By augustus on Oct 26, 2009
As I mentioned before, this problem can be modeled as a graph problem, where every chemical compound is a vertex and every machine is a directed edge in the graph. The cost of the machine is the weight of the edge in the graph. In this model, the following information is given in the problem definition.
- The given graph is a weighted strongly connected directed graph, because every vertex can be reached from any other vertex.
- The given graph need not be a fully connected graph, because every pair of vertices need not have a edge.
Now, the following are the unknowns,
- We want to find the set of edges among the given set of edges, such that every vertex can still be reached from any other vertex.

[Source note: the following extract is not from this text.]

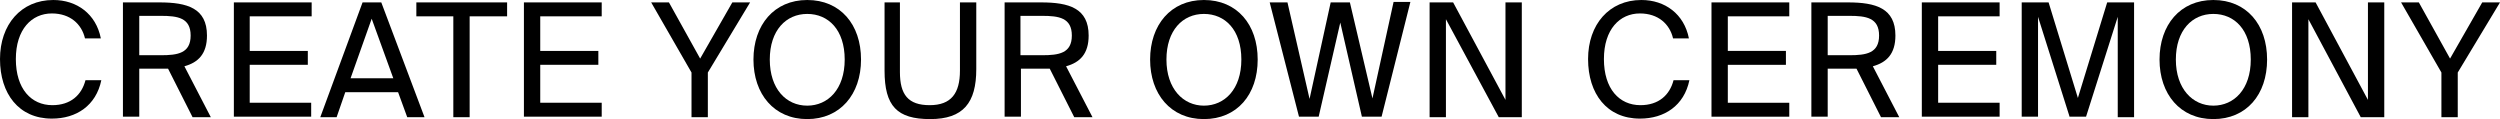<?xml version="1.0" encoding="UTF-8"?> <svg xmlns="http://www.w3.org/2000/svg" id="Layer_2" data-name="Layer 2" viewBox="0 0 520.6 24.8"><g id="Layer_2-2" data-name="Layer 2"><g id="Layer_1-2" data-name="Layer 1-2"><g><path d="M21.1,16.7c-1.1,5.3-5.2,8-10.3,8C3.9,24.7,0,19.5,0,12.3S4.4,0,11.1,0c4.9,0,8.9,2.9,9.9,8h-3.3c-.7-3-3.1-5.2-6.9-5.2-4.2,0-7.5,3.3-7.5,9.5s3.2,9.6,7.6,9.6c3.8,0,6.1-2.1,6.9-5.2h3.3Z"></path><path d="M35,14.3h-6v10h-3.4V.5h7.6c5.8,0,9.9,1.2,9.9,6.9,0,3.8-1.8,5.6-4.7,6.4l5.5,10.6h-3.8s-5.1-10.1-5.1-10.1ZM29,3.3V11.5h4.5c3.5,0,6.2-.4,6.2-4.1s-2.7-4.1-6.2-4.1c0,0-4.5,0-4.5,0Z"></path><path d="M48.7,.5h16.2V3.4h-12.9v7.2h12.1v2.9h-12.1v7.9h12.8v2.9h-16.1s0-23.8,0-23.8Z"></path><path d="M75.5,.5h3.9l9,23.9h-3.6l-1.9-5.2h-11l-1.8,5.2h-3.4L75.5,.5Zm-2.5,15.8h8.9l-4.5-12.4-4.4,12.4Z"></path><path d="M94.5,3.4h-7.8V.5h18.9V3.4h-7.8V24.4h-3.4V3.4h.1Z"></path><path d="M109.1,.5h16.2V3.4h-12.8v7.2h12.1v2.9h-12.1v7.9h12.8v2.9h-16.2s0-23.8,0-23.8Z"></path><path d="M139.3,.5l6.5,11.7,6.7-11.7h3.7l-8.8,14.6v9.3h-3.4V15.1L135.6,.5h3.7Z"></path><path d="M168.1,24.8c-6.9,0-11.2-5.2-11.2-12.4s4.3-12.4,11.2-12.4,11.2,5.1,11.2,12.4-4.4,12.4-11.2,12.4Zm0-2.8c4.3,0,7.8-3.4,7.8-9.6s-3.4-9.5-7.8-9.5-7.8,3.4-7.8,9.5,3.4,9.6,7.8,9.6Z"></path><path d="M187.4,.5V15c0,4.7,1.7,6.9,6.2,6.9s6.3-2.5,6.3-7.2V.5h3.4V14.4c0,7-2.7,10.4-9.6,10.4s-9.5-2.7-9.5-10.1V.5h3.2Z"></path><path d="M218.6,14.3h-6v10h-3.4V.5h7.6c5.8,0,9.9,1.2,9.9,6.9,0,3.8-1.8,5.6-4.7,6.4l5.5,10.6h-3.8s-5.1-10.1-5.1-10.1Zm-6.1-11V11.5h4.5c3.5,0,6.2-.4,6.2-4.1s-2.7-4.1-6.2-4.1h-4.5Z"></path><path d="M250.7,24.8c-6.9,0-11.2-5.2-11.2-12.4s4.3-12.4,11.2-12.4,11.2,5.1,11.2,12.4-4.3,12.4-11.2,12.4Zm0-2.8c4.3,0,7.8-3.4,7.8-9.6s-3.4-9.5-7.8-9.5-7.8,3.4-7.8,9.5,3.5,9.6,7.8,9.6Z"></path><path d="M285.8,20.5L290.2,.4h3.5l-6,23.9h-4.1l-4.5-19.6-4.5,19.6h-4.1l-6.1-23.8h3.7l4.6,20.1,4.4-20.1h4l4.7,20h0Z"></path><path d="M312.1,24.4l-11-20.4V24.4h-3.4V.5h4.9l10.9,20.3V.5h3.4V24.4h-4.8Z"></path><path d="M351.8,16.7c-1.1,5.3-5.2,8-10.3,8-6.9,0-10.8-5.2-10.8-12.4S335.1,0,341.8,0C346.7,0,350.7,2.9,351.7,8h-3.3c-.7-3-3.1-5.2-6.9-5.2-4.2,0-7.5,3.3-7.5,9.5s3.2,9.6,7.6,9.6c3.8,0,6.1-2.1,6.9-5.2h3.3Z"></path><path d="M356.4,.5h16.2V3.4h-12.8v7.2h12.1v2.9h-12.1v7.9h12.8v2.9h-16.2V.5Z"></path><path d="M386.6,14.3h-6v10h-3.4V.5h7.6c5.8,0,9.9,1.2,9.9,6.9,0,3.8-1.8,5.6-4.7,6.4l5.5,10.6h-3.8s-5.1-10.1-5.1-10.1Zm-6-11V11.5h4.5c3.5,0,6.2-.4,6.2-4.1s-2.7-4.1-6.2-4.1h-4.5Z"></path><path d="M400.2,.5h16.2V3.4h-12.8v7.2h12.1v2.9h-12.1v7.9h12.8v2.9h-16.2V.5Z"></path><path d="M431,24.4l-6.6-20.9V24.3h-3.4V.5h5.6l6.1,19.9,6.1-19.9h5.6V24.4h-3.4V3.5l-6.6,20.8h-3.4v.1h0Z"></path><path d="M460.9,24.8c-6.9,0-11.2-5.2-11.2-12.4s4.3-12.4,11.2-12.4,11.2,5.1,11.2,12.4-4.3,12.4-11.2,12.4Zm0-2.8c4.3,0,7.8-3.4,7.8-9.6s-3.4-9.5-7.8-9.5-7.8,3.4-7.8,9.5,3.5,9.6,7.8,9.6Z"></path><path d="M491.6,24.4l-10.9-20.4V24.4h-3.4V.5h4.9l10.9,20.3V.5h3.4V24.4h-4.9Z"></path><path d="M503.7,.5l6.5,11.7,6.7-11.7h3.7l-8.8,14.6v9.3h-3.4V15.1l-8.4-14.6h3.7Z"></path></g></g></g></svg> 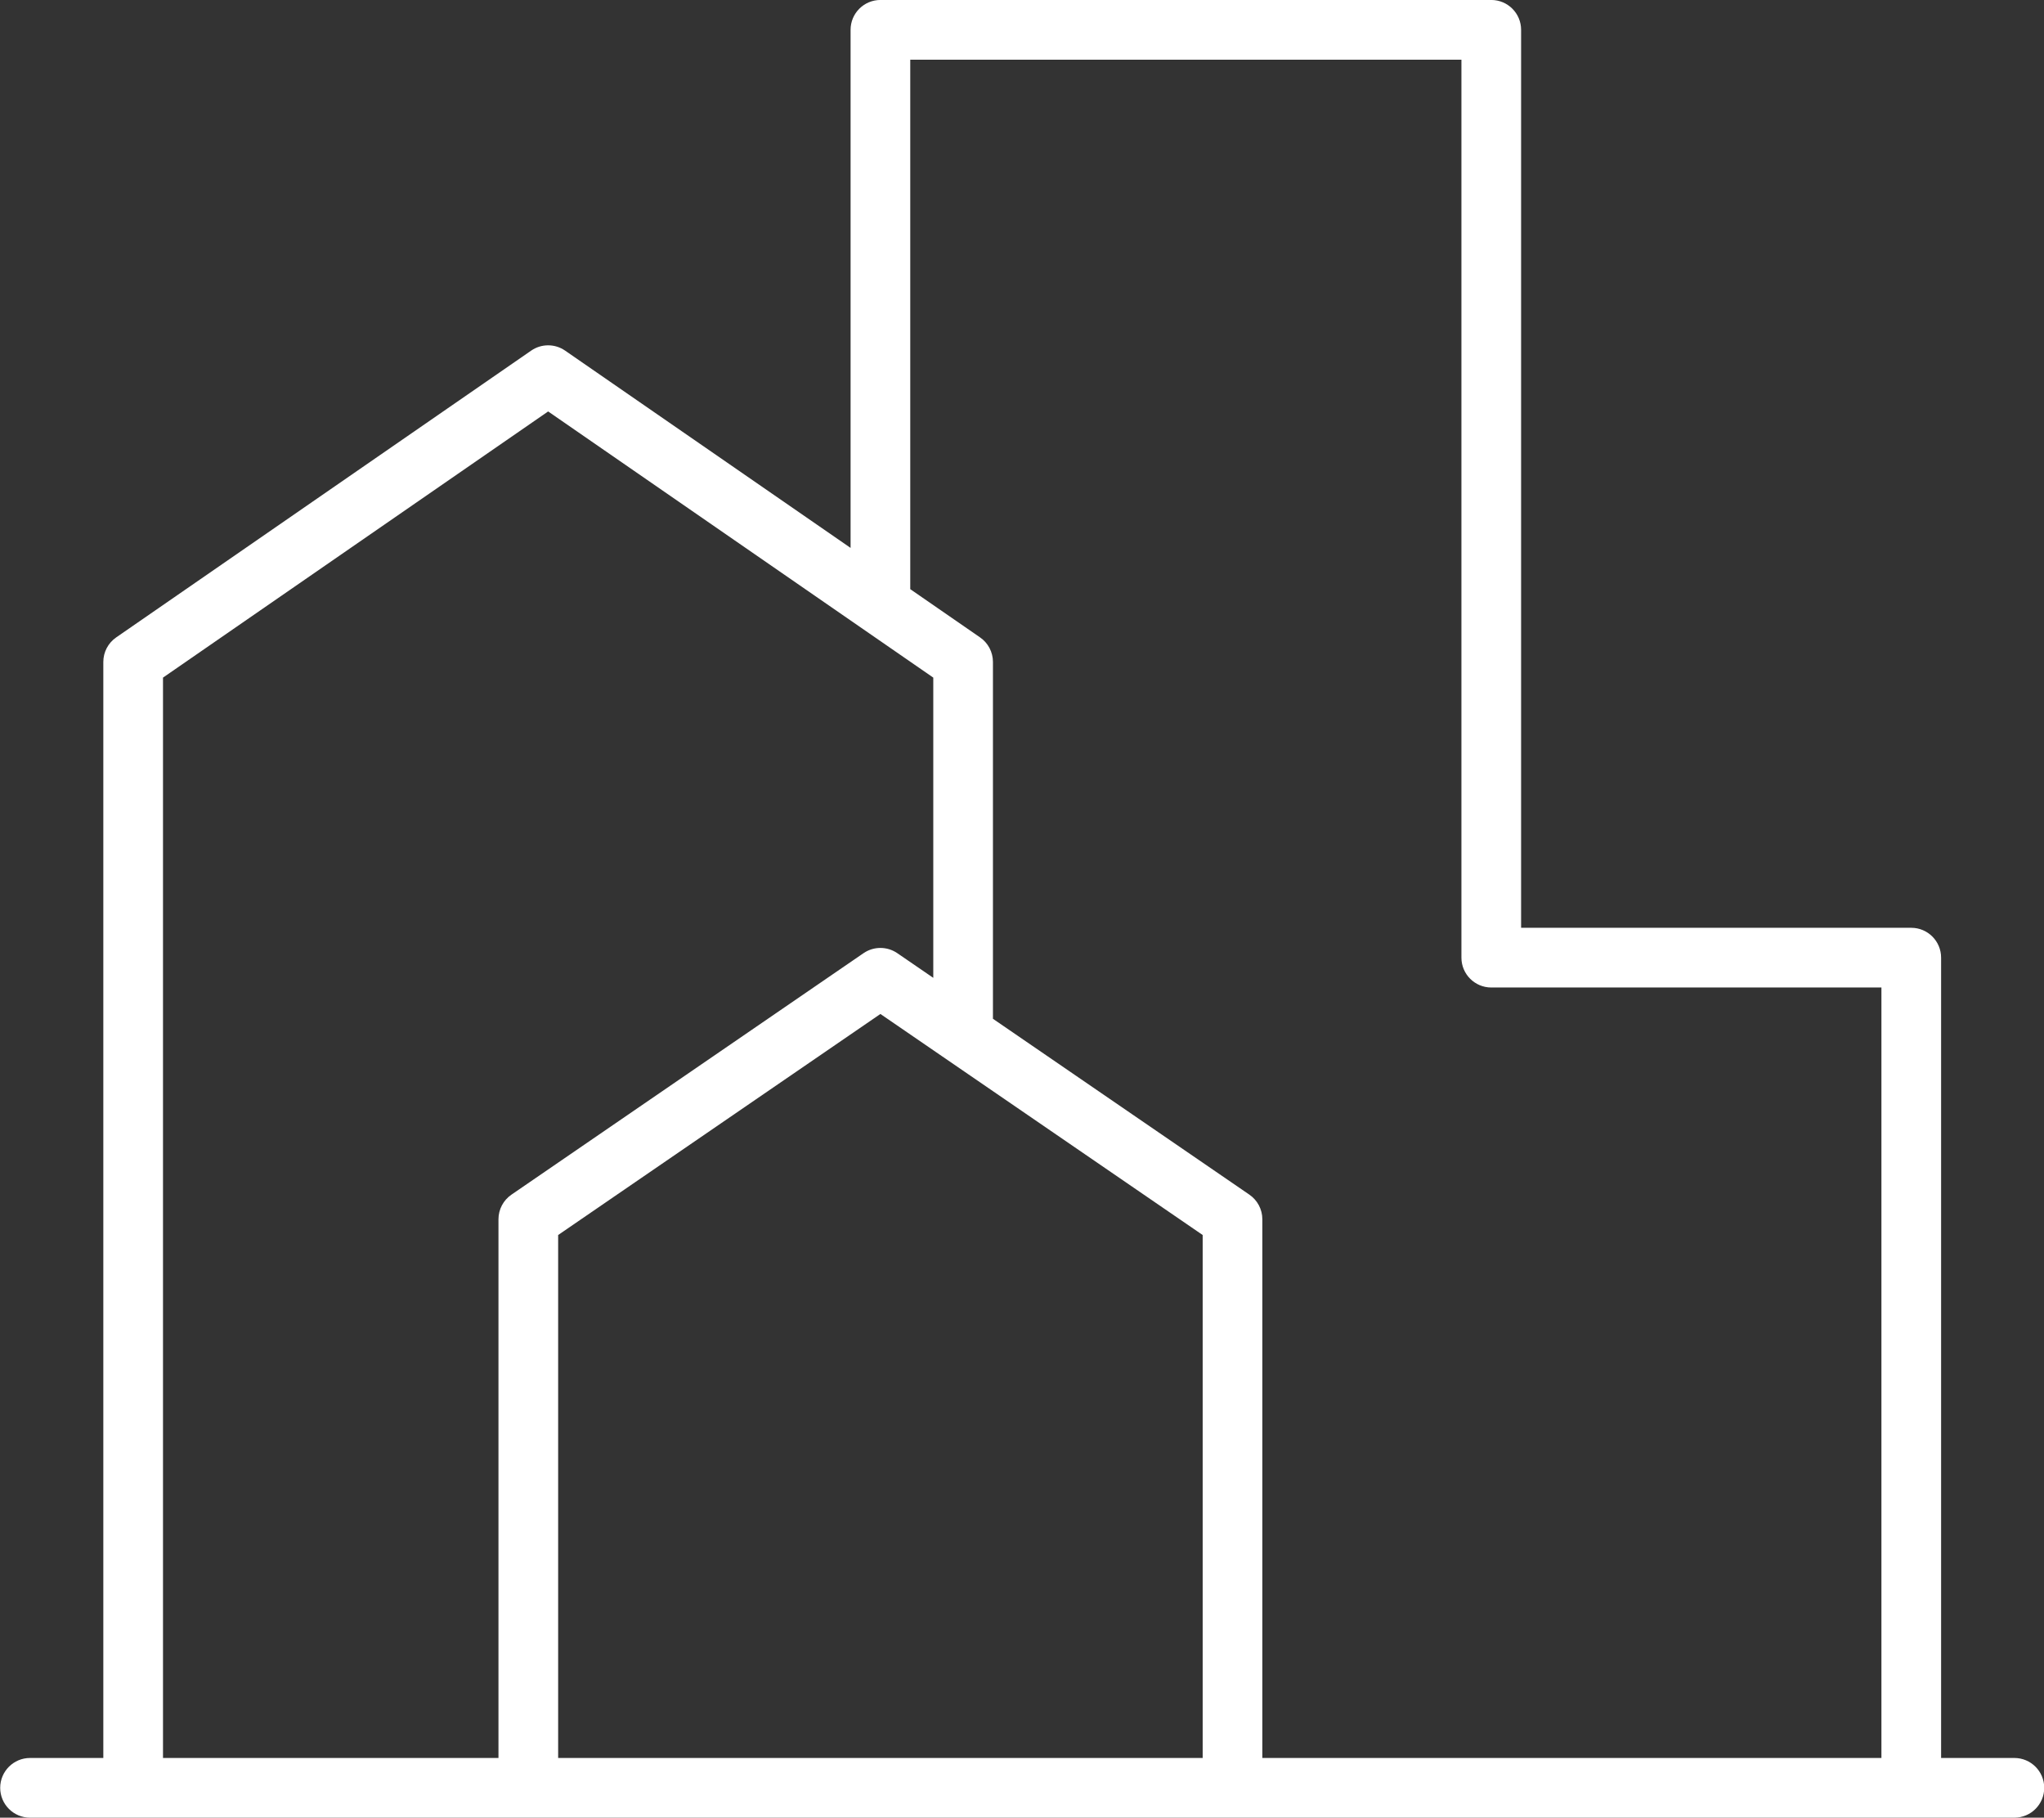 <?xml version="1.0" encoding="UTF-8" standalone="no"?><svg xmlns="http://www.w3.org/2000/svg" xmlns:xlink="http://www.w3.org/1999/xlink" fill="#000000" height="425.4" preserveAspectRatio="xMidYMid meet" version="1" viewBox="16.7 43.3 478.5 425.4" width="478.5" zoomAndPan="magnify"><rect x="16.7" y="43.3" width="478.5" height="425.4" fill="#333333" stroke="none"/><g id="change1_1"><path d="M 54.859 201.887 L 145.02 139.594 L 235.18 201.887 L 235.18 272.152 L 226.758 266.379 C 224.371 264.746 221.234 264.746 218.852 266.379 L 136.426 322.898 C 134.527 324.203 133.391 326.355 133.391 328.66 L 133.391 454.734 L 54.859 454.734 Z M 298.246 332.34 L 298.246 454.734 L 147.363 454.734 L 147.363 332.34 L 222.805 280.609 Z M 229.789 57.266 L 358.82 57.266 L 358.82 267.43 C 358.82 271.285 361.949 274.414 365.809 274.414 L 457.141 274.414 L 457.141 454.734 L 312.215 454.734 L 312.215 328.66 C 312.215 326.355 311.078 324.203 309.184 322.898 L 249.148 281.734 L 249.148 198.223 C 249.148 195.926 248.02 193.777 246.133 192.477 L 229.789 181.184 Z M 488.266 454.734 L 471.113 454.734 L 471.113 267.43 C 471.113 263.57 467.984 260.441 464.129 260.441 L 372.789 260.441 L 372.789 50.277 C 372.789 46.422 369.664 43.293 365.809 43.293 L 222.805 43.293 C 218.949 43.293 215.82 46.422 215.82 50.277 L 215.82 171.531 L 148.988 125.355 C 146.598 123.707 143.441 123.707 141.051 125.355 L 43.902 192.477 C 42.016 193.777 40.887 195.926 40.887 198.223 L 40.887 454.734 L 23.734 454.734 C 19.879 454.734 16.746 457.863 16.746 461.723 C 16.746 465.582 19.879 468.707 23.734 468.707 L 488.266 468.707 C 492.121 468.707 495.254 465.582 495.254 461.723 C 495.254 457.863 492.121 454.734 488.266 454.734" fill="#ffffff"/></g></svg>

- When there are multiple such subsets, we want to find the subset that is the minimum weight sum of its edges.
Thus facebull(FB) problem can be stated concisely as below.
Given a strongly connected directed graph G = (V, E) with vertex set V and weighted edge set E, find the strongly connected subgraph G' = (V, E'), with E' ⊆ E having minimum total weight.
The definition of a asymmetric travelling salesman problem(TSP) is as below.
Given a fully connected directed graph, find the minimum cost tour that visits every vertex exactly once and returns to the starting vertex.
A tour that visits every vertex of a graph exactly once is also known as a hamiltonian cycle.
Any fully connected graph is also strongly connected, so the inputs to TSP and FB could be the same graph. Usually in a real TSP the distances between the vertices are Euclidean distances, this is not true for the FB problem.
The main difference between the TSP and the FB problem is the unknown in the problem. In TSP, the unknown is a cycle in the graph. In FB problem, the unknown is a set of edges, with the only constraint that the resultant graph be strongly connected. Another key difference is, every time a edge is used in a TSP solution, a cost is added to the solution. However, a edge that is added to the FB solution is a machine that is bought and therefore could be used multiple times at no cost.
Finally, consider the computational complexity of TSP and the FB problem. TSP belongs to the class of NP-Hard problems, it is O(n!) in its worst case, where n is the number of vertices of the graph. For a graph of 12 nodes, the program must consider 12! = 479001600 possibilities. A brute force solution that considers all the possibilites for a graph of 20 nodes, will take many years to complete!
There are 2\^m possible subsets of edges in a graph of m edges. Therefore, the complexity of FB is 2\^m, where m is the number of edges of the graph. If the given graph is fully connected, m = n², where n is the number of nodes. Therefore FB is O(2\^n²) is its worst case. For a graph of 12 nodes, a solution to FB must consider 22300745198530623141535718272648361505980416 possibilites. O(2\^n²) is worse than O(n!). FB is a harder problem than TSP!
Another way of saying this is, the size of the search space for a FB solution is 2\^m. The solution can be any where within that space, so any correct algorithm must guarantee to be able to find the solution any where in that space. An algorithm can restrict the size of its search space, but only if it can prove that the solution cannot be in the unsearched area. I will talk more about some of these pruning techniques in a future blog entry.